Im Rahmen der Rettung bedeutender sakraler Bausubstanz ist auch der Beginn von Sicherungsarbeiten an den Resten der ehem. Klosterkirche St. Anna in Remagen zu verzeichnen. Sie kam durch Vermittlung des Landesamtes für Denkmalpflege an eine neue Eigentümergruppe, die in dem Bauwerk ein Kunstzentrum, verbunden mit Gastronomie, einrichten will.
Von den Arbeiten an bedeutenden Profandenkmälern seien an dieser Stelle die Tätigkeiten an Burg Are erwähnt. Noch in der zweiten Hälfte des Jahres 1996 soll mit der statischen Sicherung der Reste von Palas und Türmen begonnen werden. Sicherungen an der Burgkapelle sollen 1998 folgen.
Apollinariskirche in Remagen
1994 kamen die umfangreichen Instandsetzungsarbeiten im Inneren und Äußeren von Schloß Marienfels durch einen neuen Eigentümer zum Abschluß. Während der Bauarbeiten konnte aufgrund von Archivalien der letzten Besitzer das Schloß als Werk des preußischen Baumeisters Karl Schnitzler identifiziert werden. Schnitzler war beim Ausbau der Burgen Sooneck und Stolzenfels durch das Haus Preußen maßgebend beteiligt.
Sehr umfangreich war die beratende Tätigkeit des Landesamtes für Denkmalpflege bei der Restaurierung kleiner profaner Denkmäler. Ihre Zahl ist hier kaum darzulegen. Einige sollen hier stellvertretend erwähnt werden. Bad Neuenahr-Ahrweiler, Ortsteil Heimersheim, Bahnhof. Der im späten 19. Jahrhundert erbaute Bahnhof wurde durch einen neuen Eigentümer umfassend instandgesetzt. Besondere Sorgfalt wurde auf die Rekonstruktion des Schwebegiebels verwandt. Ahrbrück, Bahnhof. Der im frühen 20. Jahrhundert erbaute Bahnhof ging in das Eigentum der Gemeinde über und wurde für kommunale Zwekke instandgesetzt.
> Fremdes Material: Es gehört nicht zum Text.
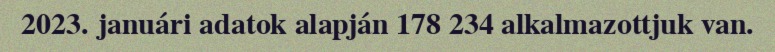
2023. januári adatok alapján 178 234 alkalmazottjuk van.
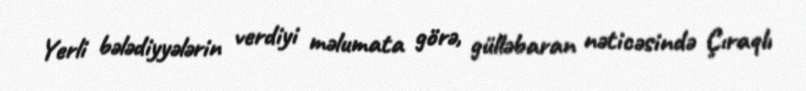
Yerli bələdiyyələrin verdiyi məlumata görə, gülləbaran nəticəsində Çıraqlı
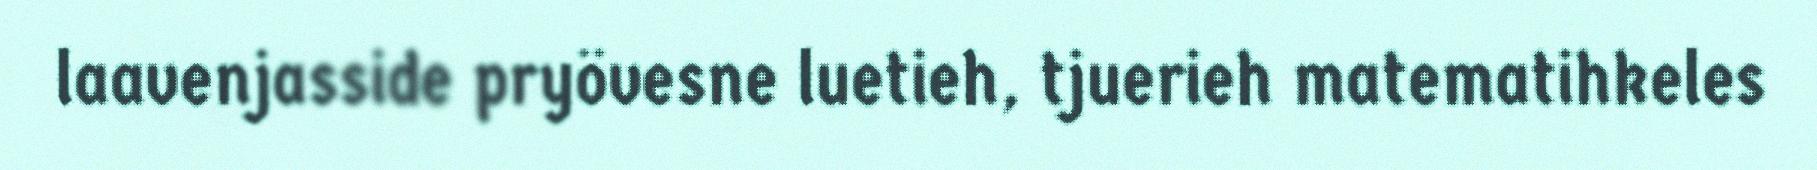
laavenjasside pryövesne luetieh, tjuerieh matematihkeles
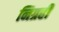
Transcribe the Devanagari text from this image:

Altenahr, Ortsteil Kreuzberg, Burgstraße 31. Im Zuge einer langjährigen Instandsetzung wurden Putz- und Farbfassung neu aufgetragen. Dendrochronologisch konnte das Anwesen auf das Jahr 1629 datiert werden. Aremberg, Kirchstraße 1. Dasbarocke ehem. Pfarrhaus wurde mit Neueindeckung des Daches sowie Verkleidung der Straßenfront instandgesetzt.
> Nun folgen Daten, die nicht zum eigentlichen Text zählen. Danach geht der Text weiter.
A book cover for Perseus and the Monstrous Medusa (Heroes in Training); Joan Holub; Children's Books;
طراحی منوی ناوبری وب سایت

Ehemaliger Bahnhof Heimersheim
Bad Neuenahr-Ahrweiler, Ortsteil Ahrweiler, Oberhutstraße 48 (Rodderhof). Die barocke, im 19. Jahrhundert erweiterte Hofanlage wurde zu einem Hotel umgebaut. Dabei wurde die große stukkierte Decke im Wohnraum nach Befund restauriert.
lnsul, Kreis Ahrweiler. Entlang der Hauptstraße wurden zwei barocke, in wesentlichen Teilen in Fachwerk errichtete Anwesen umfassend instandgesetzt.
Niederzissen, Mittelstraße 38. Infolge eines Zimmerbrandes waren weitreichende Instandsetzungsarbeiten an dem ehemaligen Zehnthofgebäude einschließlich Neuanstrich der Fassaden und Ergänzung der Fenster notwendig. Remagen, Postgasse 12. Wohngebäude und Scheune wurden vom neuen Eigentümer umfassend instandgesetzt.
Remagen, Ortsteil Oberwinter, Am Hahnsberg 37. Die 1901 vollendete Villa wurde innen und außen aufwendig restauriert und zum Restaurant umgebaut.
Remagen, Ankergasse 8. Das barocke Anwesen wurde instandgesetzt.